Ever since we domesticated the first plants for food production, humanity has been dragged into the age-old arm’s race that exists between our crops and their pathogens...

The impact of one single crop pathogen on human society can be of a dreadful scale, especially when our crops are not naturally protected against them. The best example to illustrate this is the potato epidemic that caused the Great Irish famine in the mid-19th century. The culprit, an American microbe named Phytophthora infestans, crossed the Atlantic by ship, reached the European continent and wiped out entire potato harvests over various consecutive years. The impact was most devastating in Ireland, where people were highly dependent on one single variety of potato that did not bear strong natural resistance against the pathogen. About a million people died of starvation and another million or more were forced to leave the country. The famine reduced Ireland’s population by 25%, and the country has still not yet recovered to its original population size, even today.
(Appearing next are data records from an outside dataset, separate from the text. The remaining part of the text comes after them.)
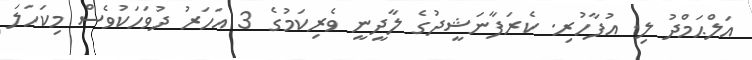
އަލްޙަމްދު ލި. އުފާހުރި. ކެރަފާނަޝީދުގެ ލާދީނީ ވެރިކަމުގެ 3 އަހަރު ދުވަހަކުވެސް މިކަހަލަ
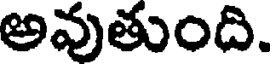
అవుతుంది.
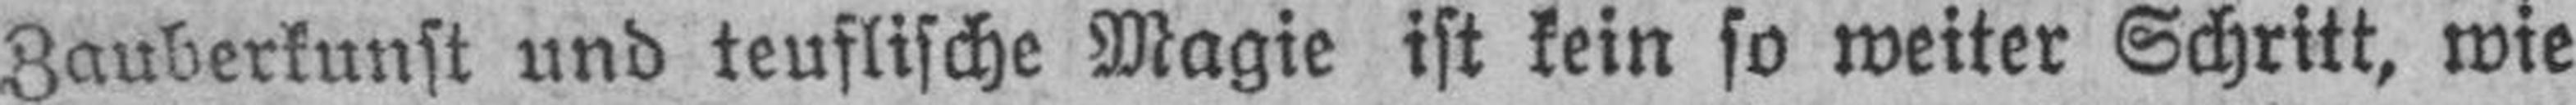
Zauberkunst und teuflische Magie ist kein so weiter Schritt, wie

It would, nonetheless, be very wrong to think that the threat of starvation due to crop pathogens is a problem of the past. According to the Food and Agriculture Organization (FAO) of the UN, at least 20% of global food production is lost due to plant disease and over 800 million people are chronically undernourished worldwide. In addition, the globalisation of trade since the Second World War combined with a lack of thorough disease control has allowed the spread of local pathogens to every corner of the world. And now, with the threat of climate change coming nearer and nearer, the future of agriculture in the face of disease becomes more uncertain. Simply eradicating pathogens is, however, practically impossible and ecologically irresponsible. What would provide us with more sustainable ways of combating crop disease and hunger, and equip us better for the changes to come, is a thorough understanding on how plant pathogens spread, colonise and adapt to their hosts in the first place, so that our agricultural systems can always be a step ahead of disease. For that, the history of a crop pathogen and its spread is a great starting point.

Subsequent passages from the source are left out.